Requirement: Omit the pictures and output every entry below exactly as written.

Extracted data Start Marker

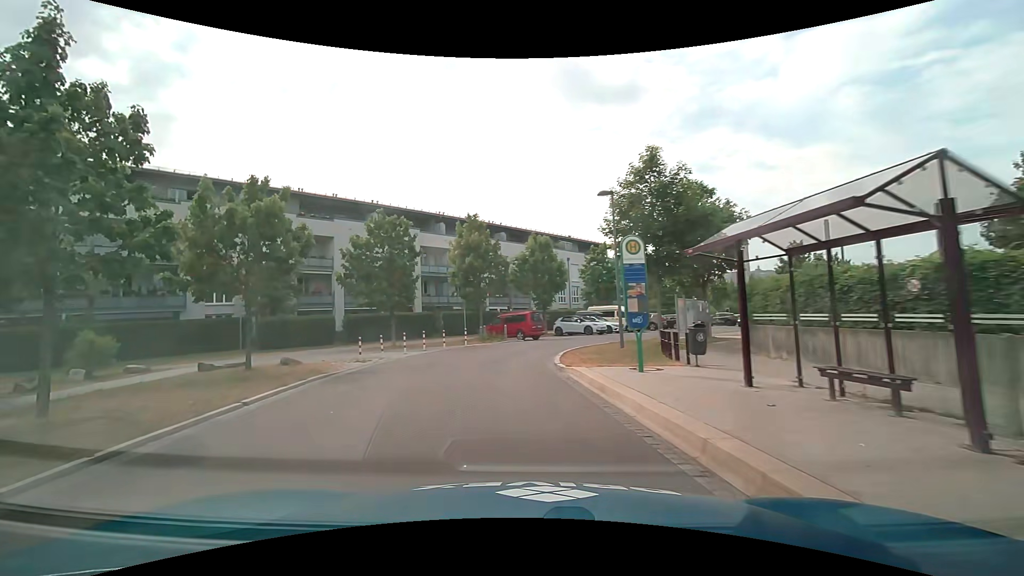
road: residential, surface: asphalt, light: Day
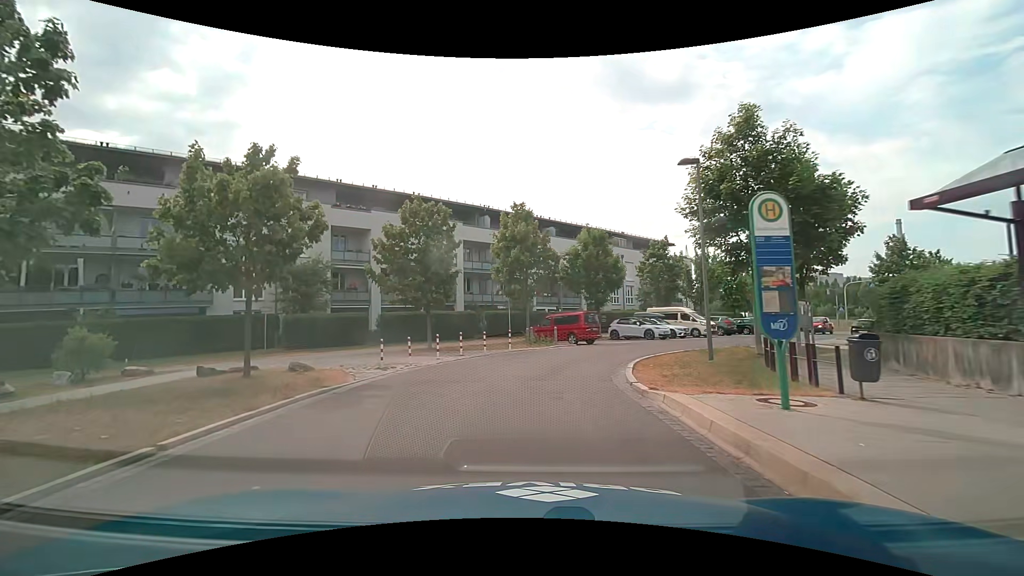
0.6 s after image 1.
(-0.2, +3.7) m; -5°
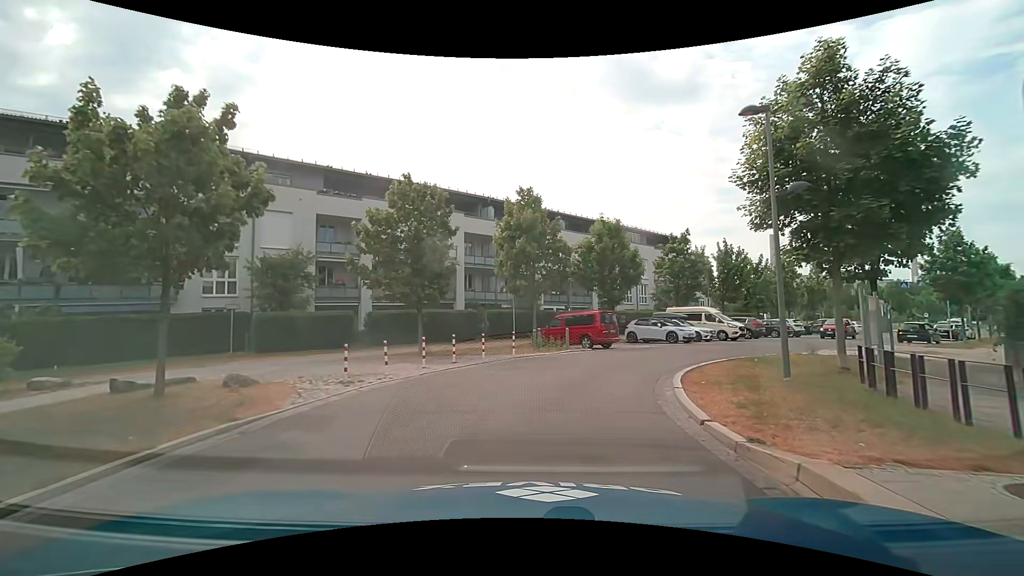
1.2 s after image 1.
(-0.1, +3.7) m; 0°
(+1, +10) (+5, +19) (+11, +26) (+18, +34) (+26, +41) (+33, +48) (+40, +55) (+47, +62) (+54, +69) (+61, +76) m

Extracted data End Marker

Solution to this task:
road: residential, surface: asphalt, light: Day
0.6 s after image 1.
(-0.2, +3.7) m; -5°
1.2 s after image 1.
(-0.1, +3.7) m; 0°
(+1, +10) (+5, +19) (+11, +26) (+18, +34) (+26, +41) (+33, +48) (+40, +55) (+47, +62) (+54, +69) (+61, +76) m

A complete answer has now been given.